INFORMATION SUPPLIED section start

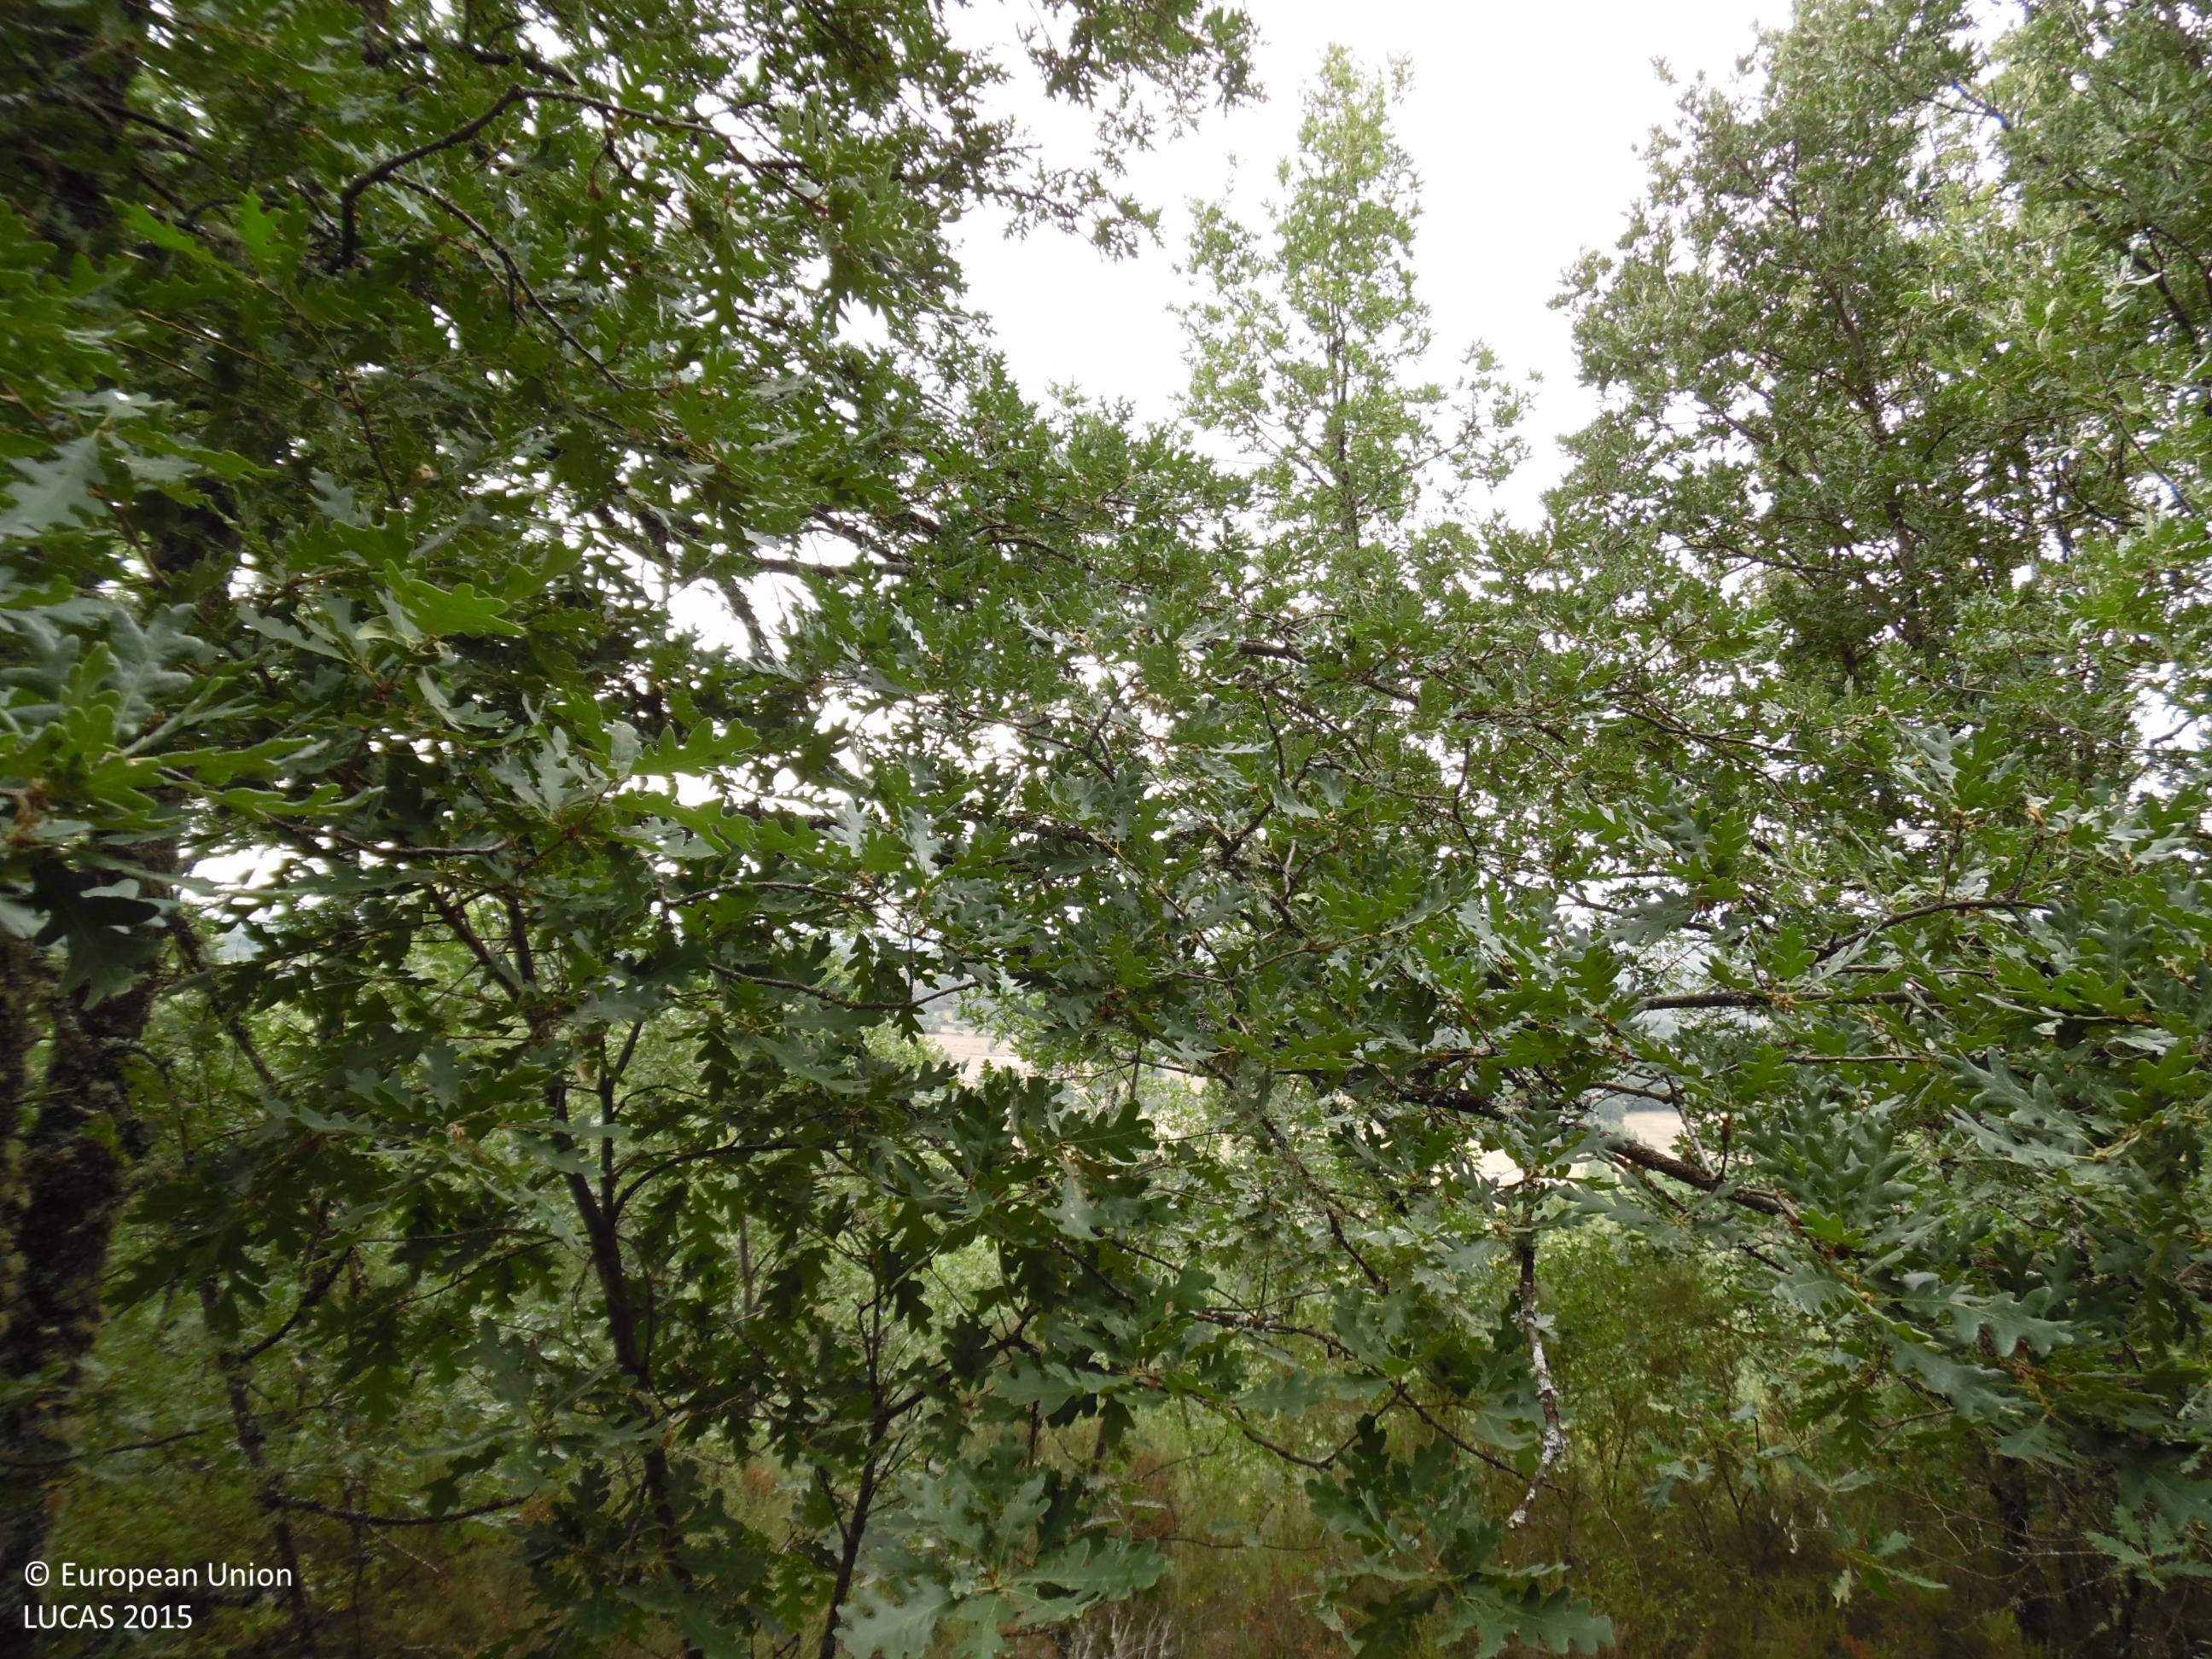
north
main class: Woodland
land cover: Broadleaved woodland
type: thermophilous deciduous forest
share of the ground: > 75 %
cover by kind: broadleaved forest trees 95 %, shrubs 5 %
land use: Forestry
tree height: > 5 m
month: July
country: ES
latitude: 42.7199
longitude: -5.8450
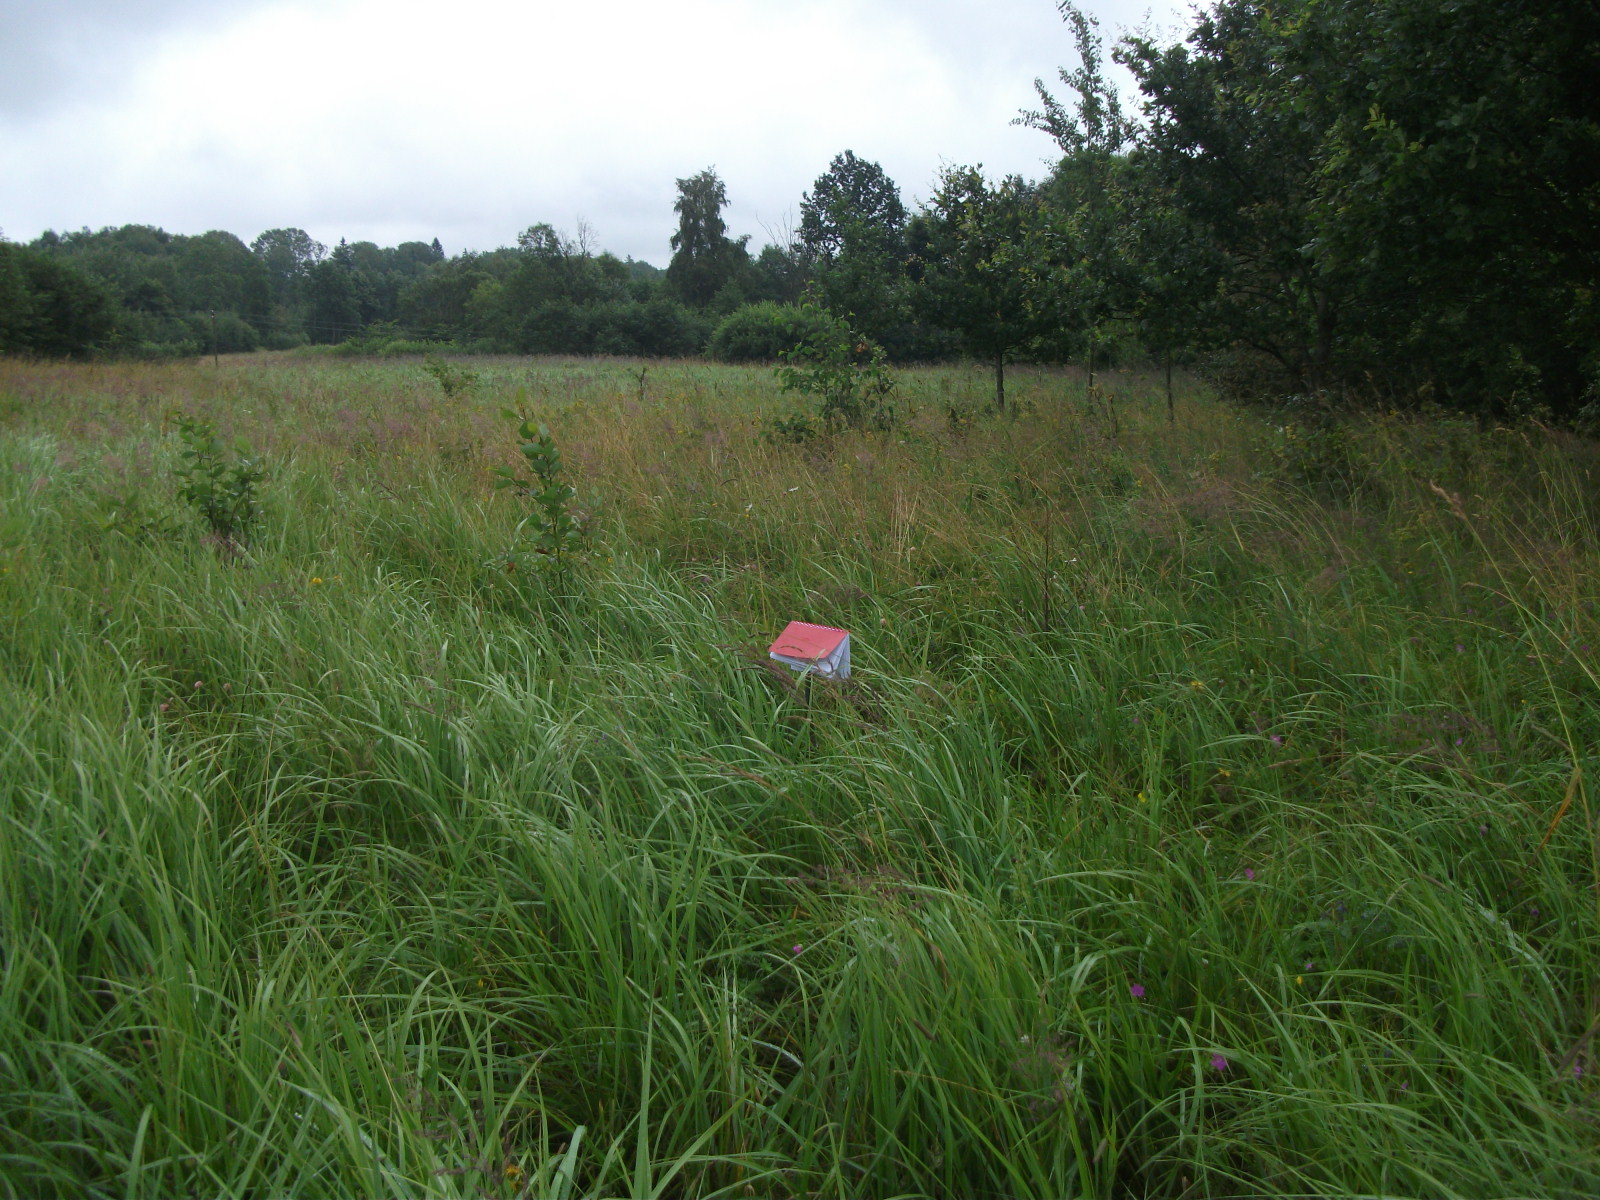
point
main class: Grassland
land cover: Grassland with sparse tree/shrub cover
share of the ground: > 75 %
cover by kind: herbaceous plants 90 %, broadleaved forest trees 5 %, shrubs 5 %
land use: Agriculture (excluding fallow land and kitchen gardens)
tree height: < 5 m
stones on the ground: < 10 %
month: July
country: LV
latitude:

INFORMATION SUPPLIED section end

EXERCISE DESCRIPTION: The answer must restate every entry word for word, with the pictures left out.

RESPONSE BOX:
north
main class: Woodland
land cover: Broadleaved woodland
type: thermophilous deciduous forest
share of the ground: > 75 %
cover by kind: broadleaved forest trees 95 %, shrubs 5 %
land use: Forestry
tree height: > 5 m
month: July
country: ES
latitude: 42.7199
longitude: -5.8450
point
main class: Grassland
land cover: Grassland with sparse tree/shrub cover
share of the ground: > 75 %
cover by kind: herbaceous plants 90 %, broadleaved forest trees 5 %, shrubs 5 %
land use: Agriculture (excluding fallow land and kitchen gardens)
tree height: < 5 m
stones on the ground: < 10 %
month: July
country: LV
latitude:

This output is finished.